Despite his exhaustion, he enjoyed the irony.
“Not quite, Thompson,” Churchill said, moving toward the door. “The poker gallows await.”
Chapter 27
Maclean chuckled as he read the story Benson had written in the Washington Star. Hardly a scoop, it hadn’t even made it into the larger story above the fold. But then, as news stories went, it was already three days after the event — meaning, old news.
He read it over again and then aloud to himself:
It has been rumored that the Russians had somehow obtained a copy of Churchill’s speech in advance. This came as a surprise to most reporters following the story, who had not received the speech until a short time before Mr. Churchill delivered it. Officials at the British embassy, where Mr. Churchill had been staying prior to leaving for Fulton, were somewhat surprised.
The incident did prompt First Secretary Donald Maclean to take the matter seriously and call together senior staff to find ways to tighten security procedures, indicating that the relationship between Russia, Britain, and America had taken on a new dimension.
‘This is Washington, a city of busybodies,’ a British embassy source commented. ‘But considering that the speech was being delivered by the eloquent former Prime Minister, the Russians were wise to find a way to secure it in advance and prepare themselves for the consequences, if any.’
The aftermath was now in play, and from Maclean’s perspective, it was delicious. He looked at the mimeographed sheet, which he had had the information people at the embassy prepare. It contained many of the choice comments in the press, almost all negative.
Among the postings were what Maclean considered “juicy little facts,” which he had encouraged to be included. Items such as the information that sometime after the speech, Truman had telegraphed Premier Stalin and invited him to come to America and deliver his side of the story to the same forum at Westminster College.
Truman had even offered the battleship Missouri to bring him to America. Maclean and Boris had had a good laugh over that one.

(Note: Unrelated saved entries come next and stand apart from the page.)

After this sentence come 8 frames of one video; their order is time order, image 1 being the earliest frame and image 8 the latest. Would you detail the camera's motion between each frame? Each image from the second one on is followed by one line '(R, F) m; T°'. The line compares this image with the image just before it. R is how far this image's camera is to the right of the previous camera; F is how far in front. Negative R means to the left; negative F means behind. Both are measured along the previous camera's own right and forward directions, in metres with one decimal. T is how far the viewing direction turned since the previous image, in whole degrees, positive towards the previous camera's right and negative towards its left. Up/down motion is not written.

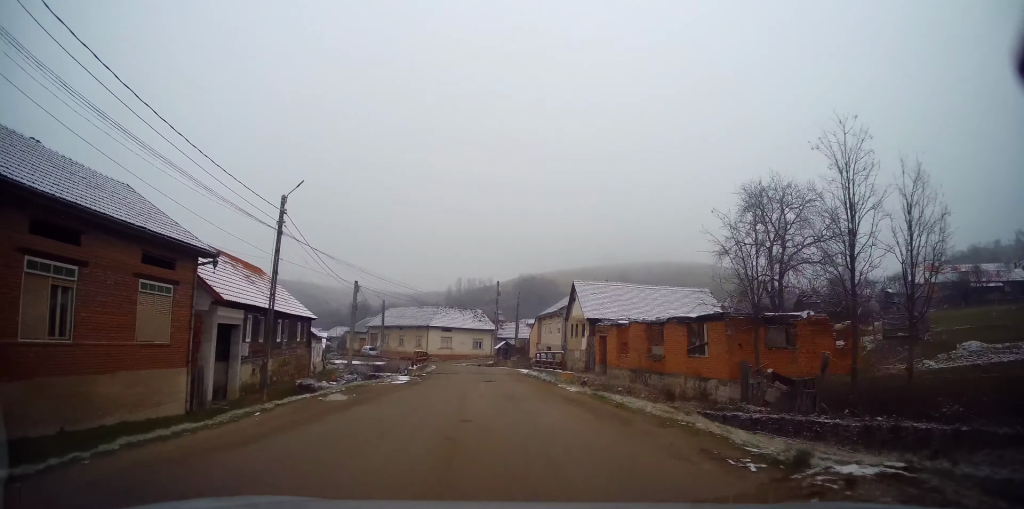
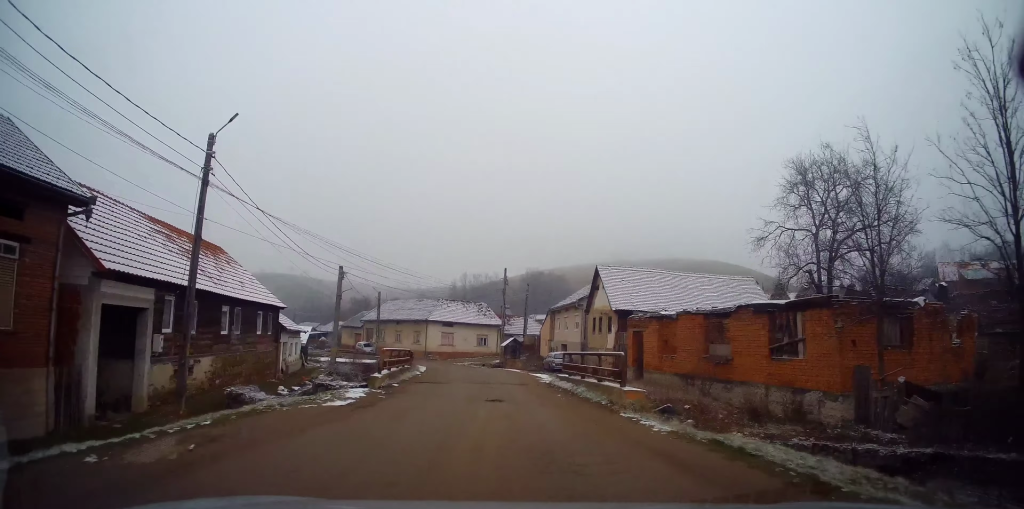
(-0.1, +7.1) m; -1°
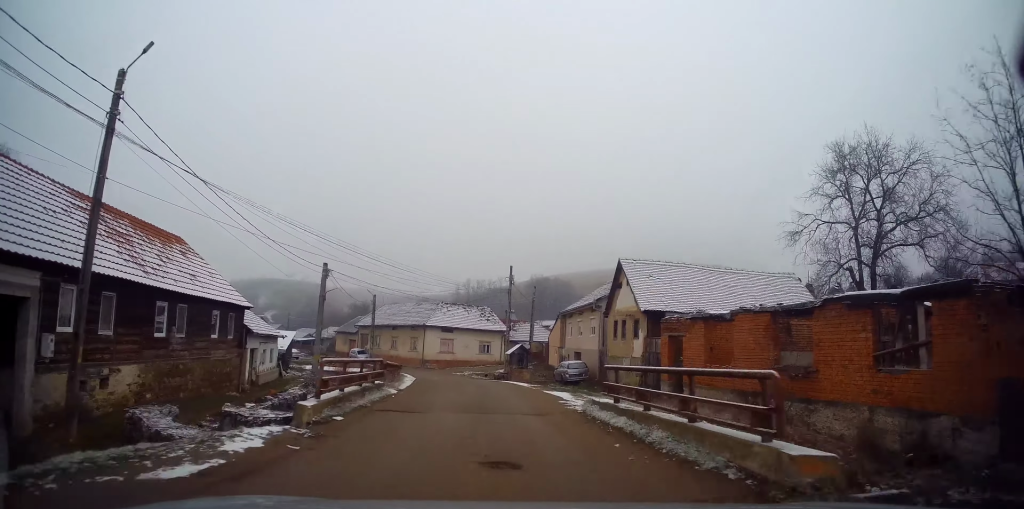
(0.0, +5.4) m; 0°
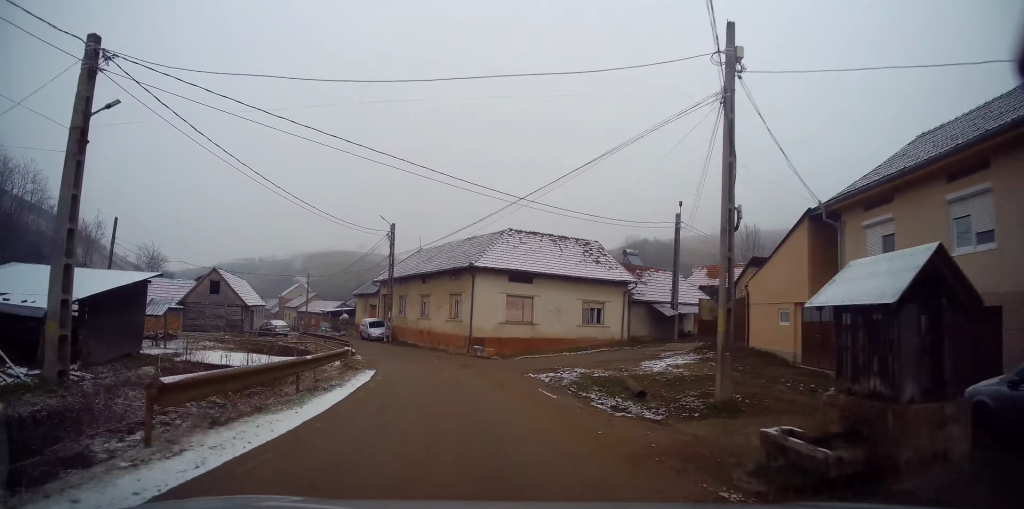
(-1.9, +30.2) m; -10°
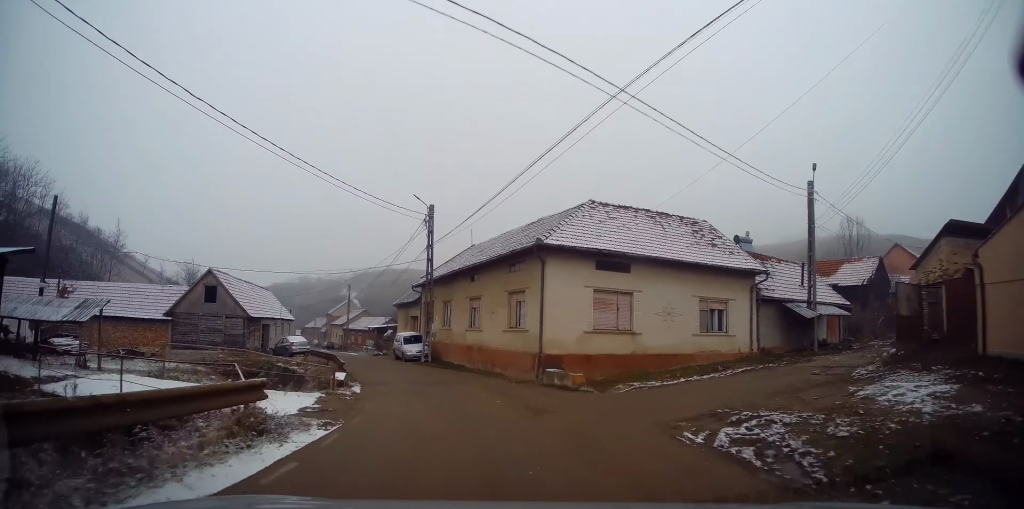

Of course, Stalin had refused, and he was quoted in Pravda as saying “the speech was a pack of lies.”
In New York, the widow of President Franklin Roosevelt denounced Churchill as a “warmonger” and in the nation’s capital, three senators, including Claude Pepper, termed the Fulton address “shocking.”
The New York Times had questioned Churchill’s “dangerous lack of judgment.” In Britain, the London Times criticized Churchill’s harsh description of the Communist governments, saying “the Western democracies have much to learn from Communism in the working of political institutions and the establishment of individual rights and in the development of economic and social planning.”
Pearl Buck, one of America’s most important writers and a Nobel laureate, told an audience that the world was “nearer war tonight than we were last night.”